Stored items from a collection
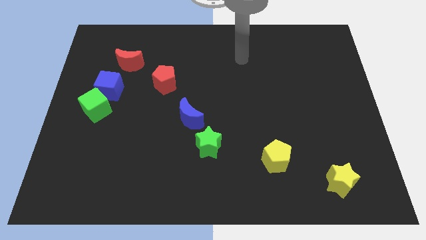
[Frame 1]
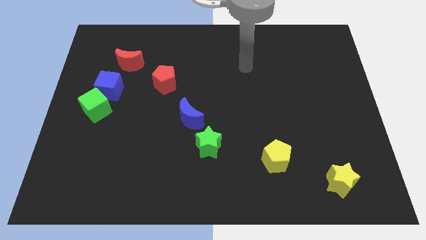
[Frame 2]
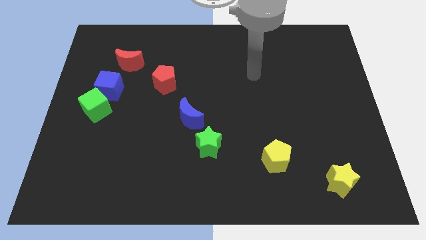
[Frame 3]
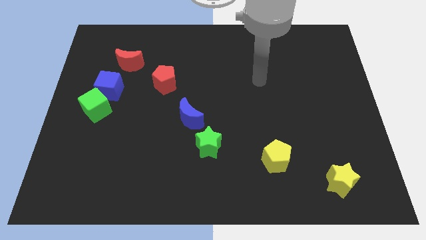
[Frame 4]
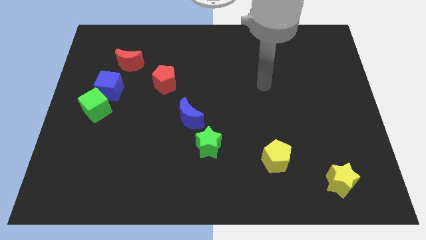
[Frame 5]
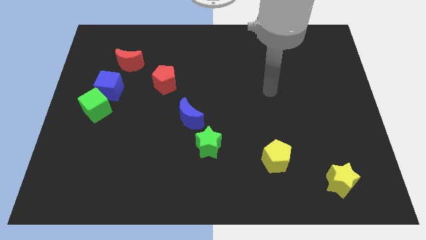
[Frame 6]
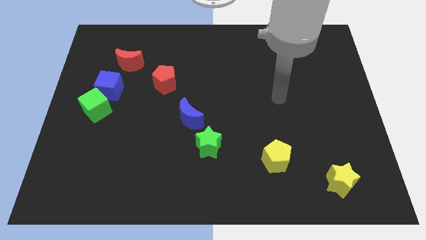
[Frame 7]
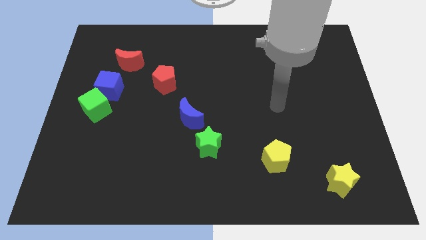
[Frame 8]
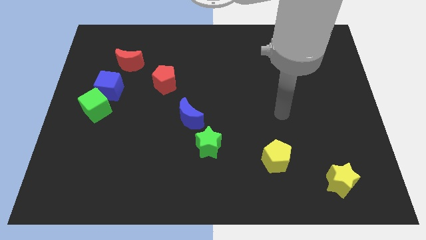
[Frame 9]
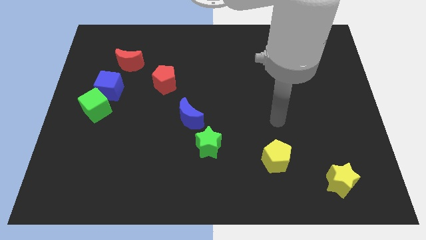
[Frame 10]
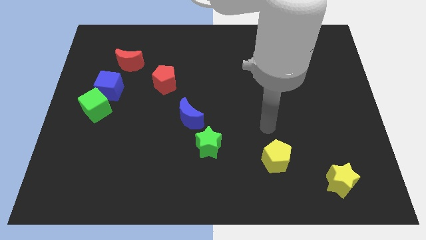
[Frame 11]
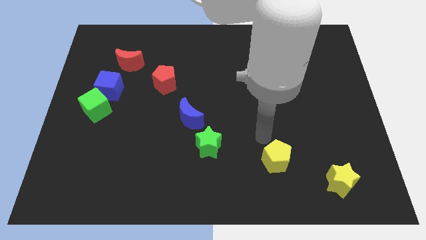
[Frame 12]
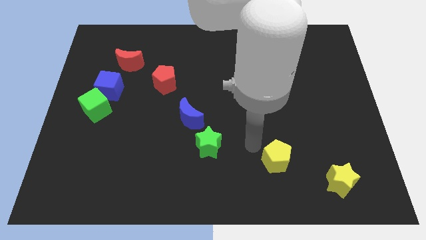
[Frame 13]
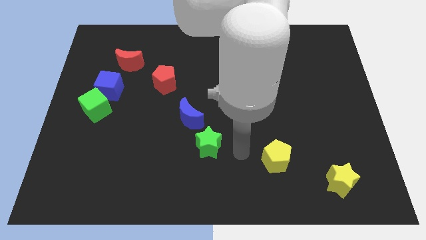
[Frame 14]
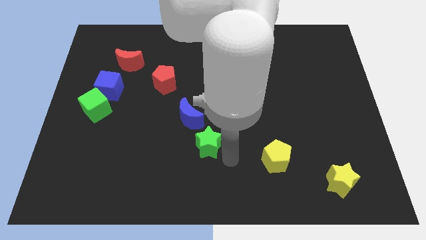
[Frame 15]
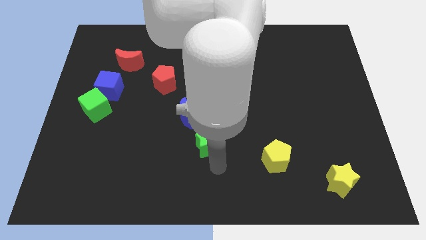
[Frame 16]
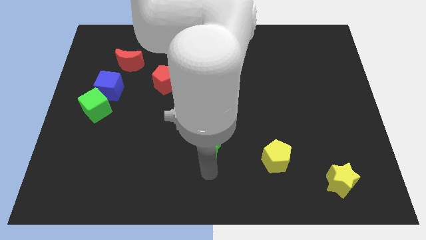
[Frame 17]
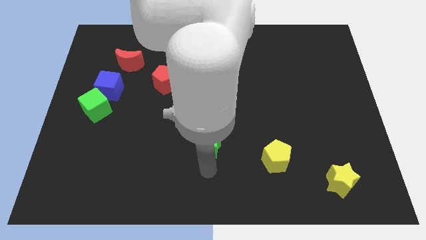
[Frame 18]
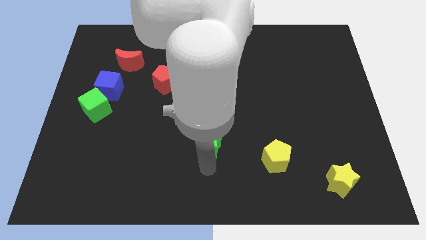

- **Description of the task**
All the records above must be retyped exactly, except for their pictures.

- **Response area**
[Frame 1]
[Frame 2]
[Frame 3]
[Frame 4]
[Frame 5]
[Frame 6]
[Frame 7]
[Frame 8]
[Frame 9]
[Frame 10]
[Frame 11]
[Frame 12]
[Frame 13]
[Frame 14]
[Frame 15]
[Frame 16]
[Frame 17]
[Frame 18]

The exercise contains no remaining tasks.